I can say that in my work I use EasyMorph for data analysis and profiling much more often that for ETL simply because new data transformations need to be designed once in a while (then they're just scheduled), but I do data analysis every day.

File conversion and mass operations with files
While file conversion is a rather obvious function (read a file in one format, write in another), the ability to conveniently perform mass manipulations with files (copying, renaming, archiving, uploading, etc.) is a surprising and underestimated function of EasyMorph. Really, who would expect that what supposedly is an ETL tool can be used for things like that? But since EasyMorph is a "data kitchen combine" rather than a typical ETL tool, this is exactly what it can be used for.

Since creating a list of files in a folder is as simple as dragging the folder into EasyMorph (recursive subfolder scanning is supported from version 3.0) you can get a list of, say, 40'000 files in 1000 folders in literally 5 seconds, sorted by size, creation time, folder and whatnot. Finding the biggest file? Just two clicks. Filter only spreadsheets? One more click. Exclude read-only? Another click.

Now add the capability of running an external application (or a Windows shell command) for each file (using iterations) with command line composed using a formula, and you get a perfect replacement for batch scripts to do mass renaming, copying, archiving, sending e-mails or anything else that can be done from the command line. And, just like batch scripts, EasyMorph projects themselves can be executed from the command line, so they can be triggered by a 3rd party application (e.g. scheduler).
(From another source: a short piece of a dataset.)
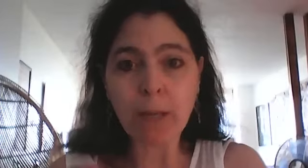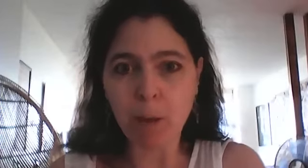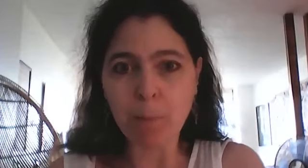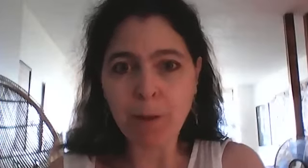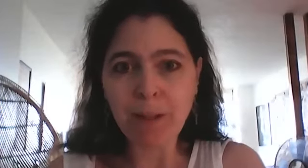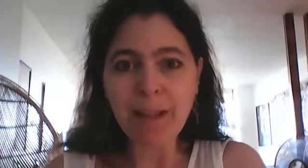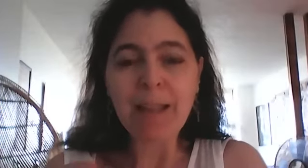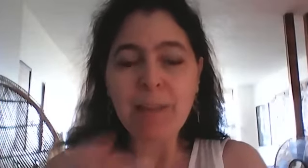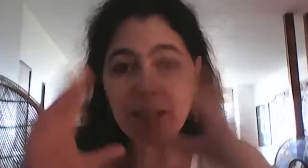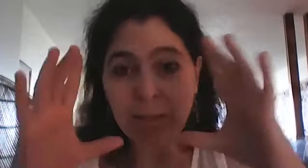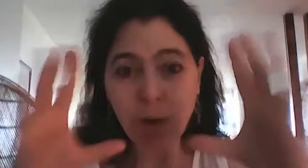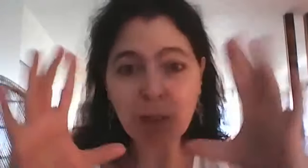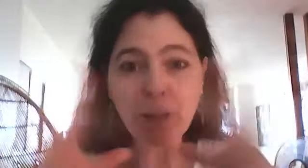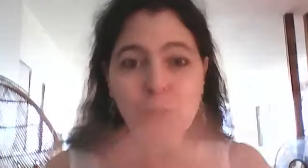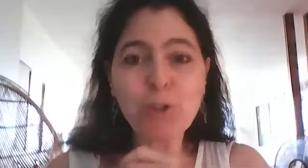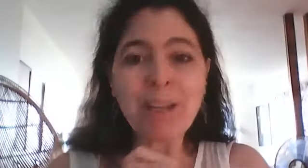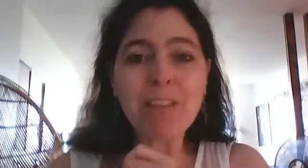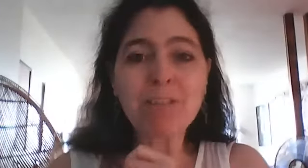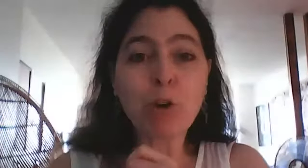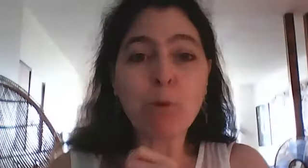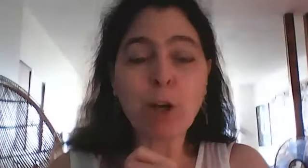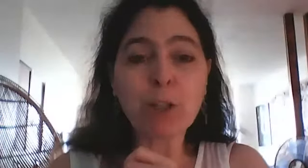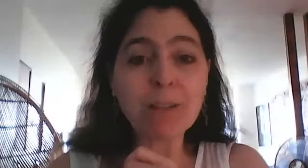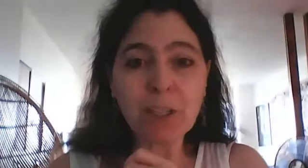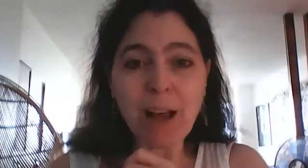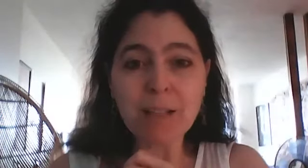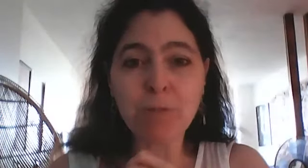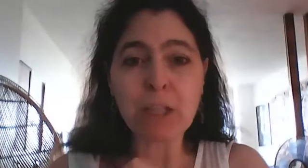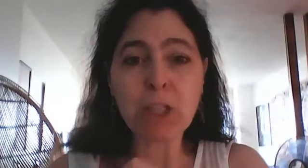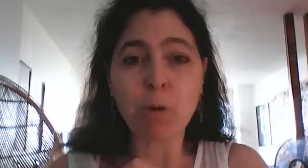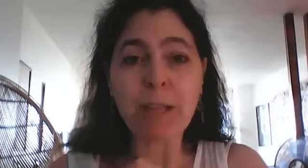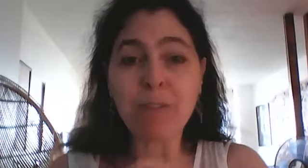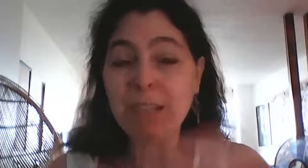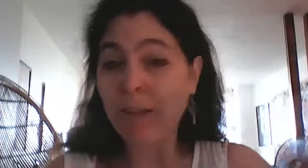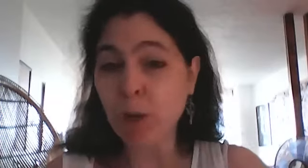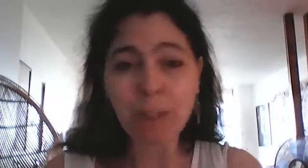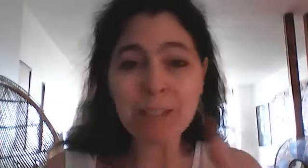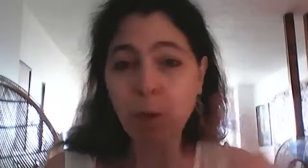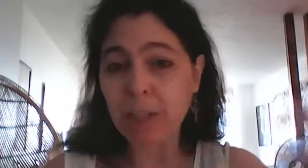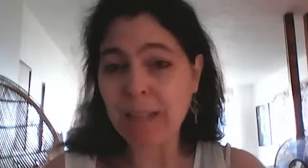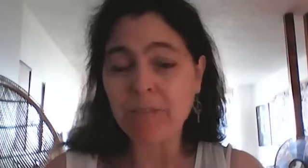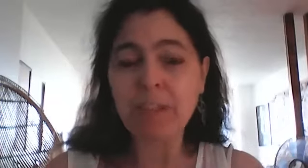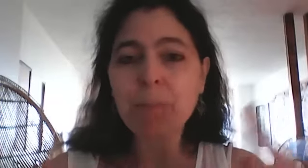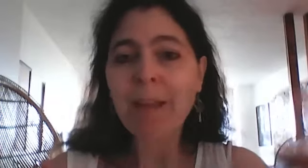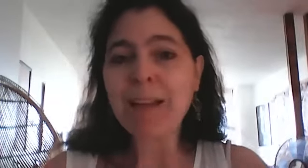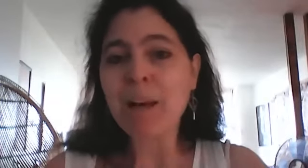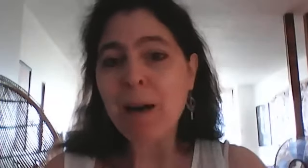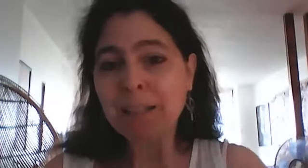com et vous allez voir la couverture du livre donc pour 30 dollars si vous achetez de son livre vous allez avoir toute l'histoire de sa vie comment elle a

EasyMorph has a number of workflow transformations, that actually don't transform anything but perform various actions like launching an external program, or even taking a pause for N seconds. Therefore, it's basically a visual workflow design tool with the capability of designing parallelized (e.g. parallel mass file conversion) and asynchronous processes.

Reporting
PDF reporting is the headline feature of version 3.0 and a new function of EasyMorph. The idea behind it was simple: sometimes a result of data analysis has to be shared, and PDF is the most universally used format for sharing documents. At this point, PDF reporting in EasyMorph is not meant to be pixel-perfect and its customization capabilities are rather limited. Instead, the accent was made on quickness of report creation in order to make it less time-consuming. We're testing the waters with this release, and the direction of future development will depend on feedback received from users.



Resume
While it might not count as a distinct function sometimes it's convenient to keep EasyMorph open just for ad hoc calculations, e.g. paste a list and find duplicates in it, or even dynamically generate parts of some script -- e.g. comma-separated lists of fields or values. As a "data kitchen combine" EasyMorph is not an application for a broad audience, but rather a professional tool for data analysts who work with data every day. And like with real-life kitchen combines some people use one function more often, some another. Pick yours.